Solved (Free): In an investigation of pregnancy induced hypertension, one group of women with this disorder was treated with low dose aspirin, and the second group was given a placebo

ByDr. Raju Chaudhari

Mar 30, 2021

In an investigation of pregnancy induced hypertension, one group of women with this disorder was treated with low dose aspirin, and the second group was given a placebo. A sample consisting of 23 women who received aspirin has mean arterial blood pressure 111 mm Hg and standard deviation 8 mm Hg; a sample of 24 women who were given the placebo has mean blood pressure 109 mm Hg and standard deviation 8 mm Hg.

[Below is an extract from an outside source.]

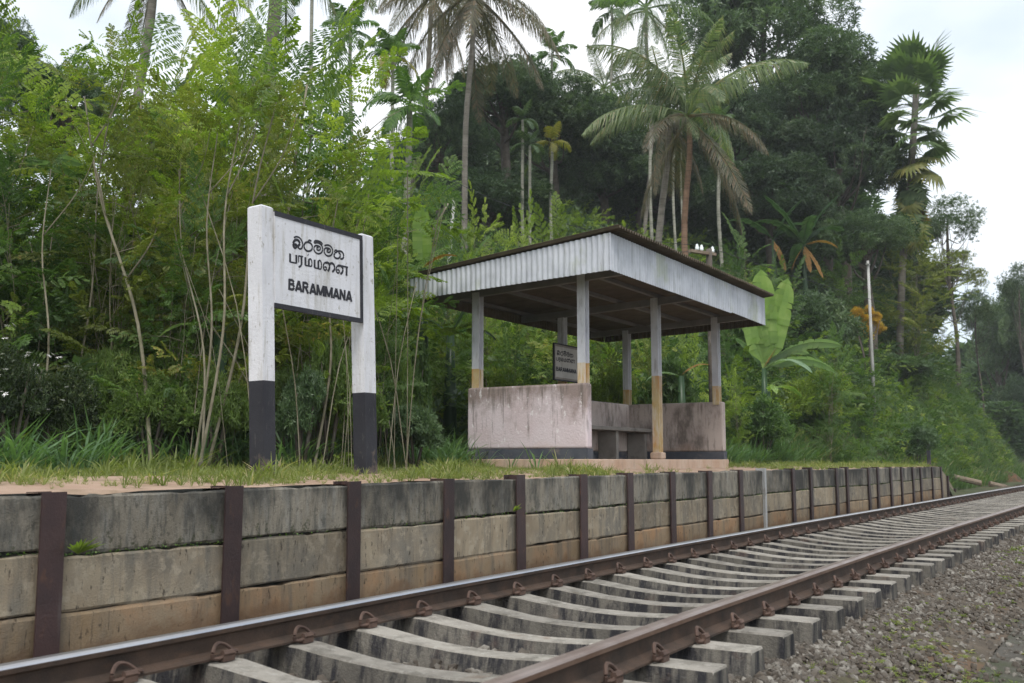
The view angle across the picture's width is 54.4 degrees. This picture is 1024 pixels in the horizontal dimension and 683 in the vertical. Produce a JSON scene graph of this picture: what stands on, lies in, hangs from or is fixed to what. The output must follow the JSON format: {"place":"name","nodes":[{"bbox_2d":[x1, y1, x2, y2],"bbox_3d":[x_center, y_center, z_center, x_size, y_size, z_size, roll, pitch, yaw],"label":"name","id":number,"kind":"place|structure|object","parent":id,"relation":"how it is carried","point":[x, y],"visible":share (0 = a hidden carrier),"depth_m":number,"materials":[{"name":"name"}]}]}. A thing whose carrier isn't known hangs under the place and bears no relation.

a) At the 0.01 level of significance, test the null hypothesis that the two populations of women have the same mean arterial blood pressure.
b) Construct a 99% confidence interval for the true difference in population means. Does this interval contain the value 0?

Solution

Let $\mu_1$ be the population mean arterial blood pressure for women treated with aspirin, and $\mu_2$ be the mean for women treated with placebo.

a) The hypothesis testing problem is $H_0 : \mu_1 = \mu_2$ against $H_a:\mu_1\neq \mu_2$.

c) Given that the sample size $n_1 = 23$, $n_2 = 24$, sample mean $\overline{x}_1= 111$,
$\overline{x}_2= 109$, sample standard deviation $s_1 = 8$ and $s_2 = 8$.

Define test statistic

The test statistic is
\begin{aligned} t& =\frac{(\overline{x}_1 -\overline{x}_1)-(\mu_1 - \mu_2)}{sp\sqrt{\frac{1}{n_1}+\frac{1}{n_2}}} \end{aligned}
where
\begin{aligned} s_p & = \sqrt{\frac{(n_1-1)s_1^2 +(n_2-1)s_2^2}{n_1+n_2-2}}\\ & = \sqrt{\frac{(23-1)8^2 +(24-1)8^2}{23+24-2}}\\ & = 8. \end{aligned}

Speciffy the level of significance

The significance level is $\alpha = 0.01$.

Determine the critical value

As the alternative hypothesis is $\textit{two-tailed}$, the critical value of $t$ using $\alpha = 0.01$ and degrees of freedom $n_1+n_2-2=23+24-2=45$ $\text{are}$ $\text{-2.69 and 2.69}$.

The rejection region (i.e. critical region) is $\text{t < -2.69 or t > 2.69}$.

Computation

The test statistic under the null hypothesis is
\begin{aligned} t&=\frac{(\overline{x}_1 -\overline{x}_1)-(\mu_1-\mu_2)}{sp\sqrt{\big(\frac{1}{n_1}+\frac{1}{n_2}\big)}}\\ &= \frac{(111-109)-0}{8\sqrt{\big(\frac{1}{23}+\frac{1}{24}\big)}}\\ &= 0.8568 \end{aligned}

The rejection region (i.e. critical region) is $\text{t < -2.69 or t > 2.69}$.

The test statistic is $t =0.8568$ which falls $\text{outside}$ the critical region, we $\textit{fail to reject}$ the null hypothesis.

OR

$p$-value approach

The test is $\textit{two-tailed}$ test, so p-value is the area to the $\textit{extreme}$ of the test statistic ($t=0.8568$). That is p-value = $2*P(t\geq 0.8568 ) = 0.3961$.

The p-value is $0.3961$ which is $\textit{greater than}$ the significance level of $\alpha = 0.01$, we $\textit{fail to reject}$ the null hypothesis.

We do not have enough evidence to reject the null hypothesis. We conclude that there is no evidence that aspirin provides a change in mean blood
pressure compared to placebo.

b) The critical value $t_{\alpha/2,n_1+n_2-2} = t_{0.05,45} = 1.679$.

The margin of error for difference of means $\mu_1-\mu_2$ is

\begin{aligned} E & = t_{\alpha/2,n_1+n_2-2} \sqrt{\frac{s_1^2}{n_1}+\frac{s_2^2}{n_2}}\\ & = 1.679 \sqrt{\frac{8^2}{23}+\frac{8^2}{24}}\\ & = 3.919. \end{aligned}

$90$% confidence interval estimate for the difference $(\mu_1-\mu_2)$ is

\begin{aligned} (\overline{X}_1 -\overline{X}_2)- E & \leq (\mu_1-\mu_2) \leq (\overline{X}_1 -\overline{X}_2) + E\\ (111-109) - 3.919 & \leq (\mu_1-\mu_2) \leq (111-109) + 3.919\\ -1.919 & \leq (\mu_1-\mu_2) \leq 5.919. \end{aligned}

Thus, $90$% confidence interval estimate for the difference $(\mu_1-\mu_2)$ is $(-1.919,5.919)$. The interval contains the value 0.